Instructions for the task:
Repeat all the data exactly, and where a record holds a picture, leave that picture out.

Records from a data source
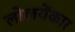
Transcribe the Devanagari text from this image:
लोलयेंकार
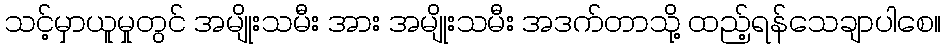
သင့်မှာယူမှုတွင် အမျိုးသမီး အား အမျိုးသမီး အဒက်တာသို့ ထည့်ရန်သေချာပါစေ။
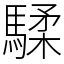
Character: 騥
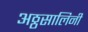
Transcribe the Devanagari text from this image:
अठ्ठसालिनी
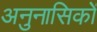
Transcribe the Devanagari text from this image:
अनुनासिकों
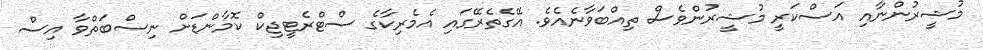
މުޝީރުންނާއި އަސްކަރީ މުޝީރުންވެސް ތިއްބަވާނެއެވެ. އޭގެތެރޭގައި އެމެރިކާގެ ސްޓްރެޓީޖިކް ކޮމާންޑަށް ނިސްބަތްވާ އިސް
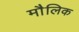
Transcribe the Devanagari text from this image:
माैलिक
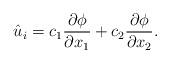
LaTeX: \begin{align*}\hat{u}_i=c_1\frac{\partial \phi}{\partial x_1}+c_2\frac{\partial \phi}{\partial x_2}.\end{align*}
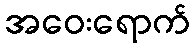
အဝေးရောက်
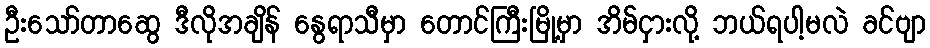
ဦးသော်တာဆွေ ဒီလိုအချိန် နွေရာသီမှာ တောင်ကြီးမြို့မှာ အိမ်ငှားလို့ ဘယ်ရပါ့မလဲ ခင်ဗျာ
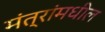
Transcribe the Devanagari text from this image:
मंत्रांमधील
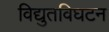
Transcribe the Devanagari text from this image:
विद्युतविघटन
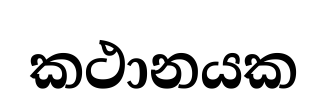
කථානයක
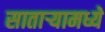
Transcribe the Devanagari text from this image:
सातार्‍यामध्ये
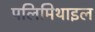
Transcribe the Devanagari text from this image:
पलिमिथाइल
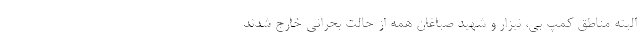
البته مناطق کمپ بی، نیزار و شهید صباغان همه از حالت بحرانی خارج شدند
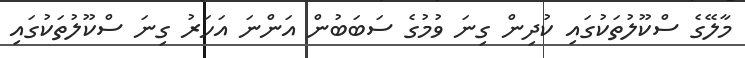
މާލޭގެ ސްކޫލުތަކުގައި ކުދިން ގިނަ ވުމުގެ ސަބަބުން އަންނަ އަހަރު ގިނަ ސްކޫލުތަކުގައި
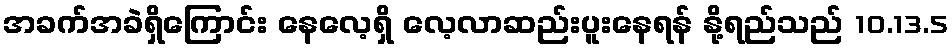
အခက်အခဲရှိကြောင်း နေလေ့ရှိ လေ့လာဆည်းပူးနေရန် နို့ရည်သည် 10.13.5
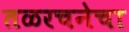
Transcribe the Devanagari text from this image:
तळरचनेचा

Answer to this problem:
Transcribe the Devanagari text from this image:
लोलयेंकार
သင့်မှာယူမှုတွင် အမျိုးသမီး အား အမျိုးသမီး အဒက်တာသို့ ထည့်ရန်သေချာပါစေ။
Character: 騥
Transcribe the Devanagari text from this image:
अठ्ठसालिनी
Transcribe the Devanagari text from this image:
अनुनासिकों
މުޝީރުންނާއި އަސްކަރީ މުޝީރުންވެސް ތިއްބަވާނެއެވެ. އޭގެތެރޭގައި އެމެރިކާގެ ސްޓްރެޓީޖިކް ކޮމާންޑަށް ނިސްބަތްވާ އިސް
Transcribe the Devanagari text from this image:
माैलिक
LaTeX: \begin{align*}\hat{u}_i=c_1\frac{\partial \phi}{\partial x_1}+c_2\frac{\partial \phi}{\partial x_2}.\end{align*}
အဝေးရောက်
ဦးသော်တာဆွေ ဒီလိုအချိန် နွေရာသီမှာ တောင်ကြီးမြို့မှာ အိမ်ငှားလို့ ဘယ်ရပါ့မလဲ ခင်ဗျာ
Transcribe the Devanagari text from this image:
मंत्रांमधील
Transcribe the Devanagari text from this image:
विद्युतविघटन
කථානයක
Transcribe the Devanagari text from this image:
सातार्‍यामध्ये
Transcribe the Devanagari text from this image:
पलिमिथाइल
البته مناطق کمپ بی، نیزار و شهید صباغان همه از حالت بحرانی خارج شدند
މާލޭގެ ސްކޫލުތަކުގައި ކުދިން ގިނަ ވުމުގެ ސަބަބުން އަންނަ އަހަރު ގިނަ ސްކޫލުތަކުގައި
အခက်အခဲရှိကြောင်း နေလေ့ရှိ လေ့လာဆည်းပူးနေရန် နို့ရည်သည် 10.13.5
Transcribe the Devanagari text from this image:
तळरचनेचा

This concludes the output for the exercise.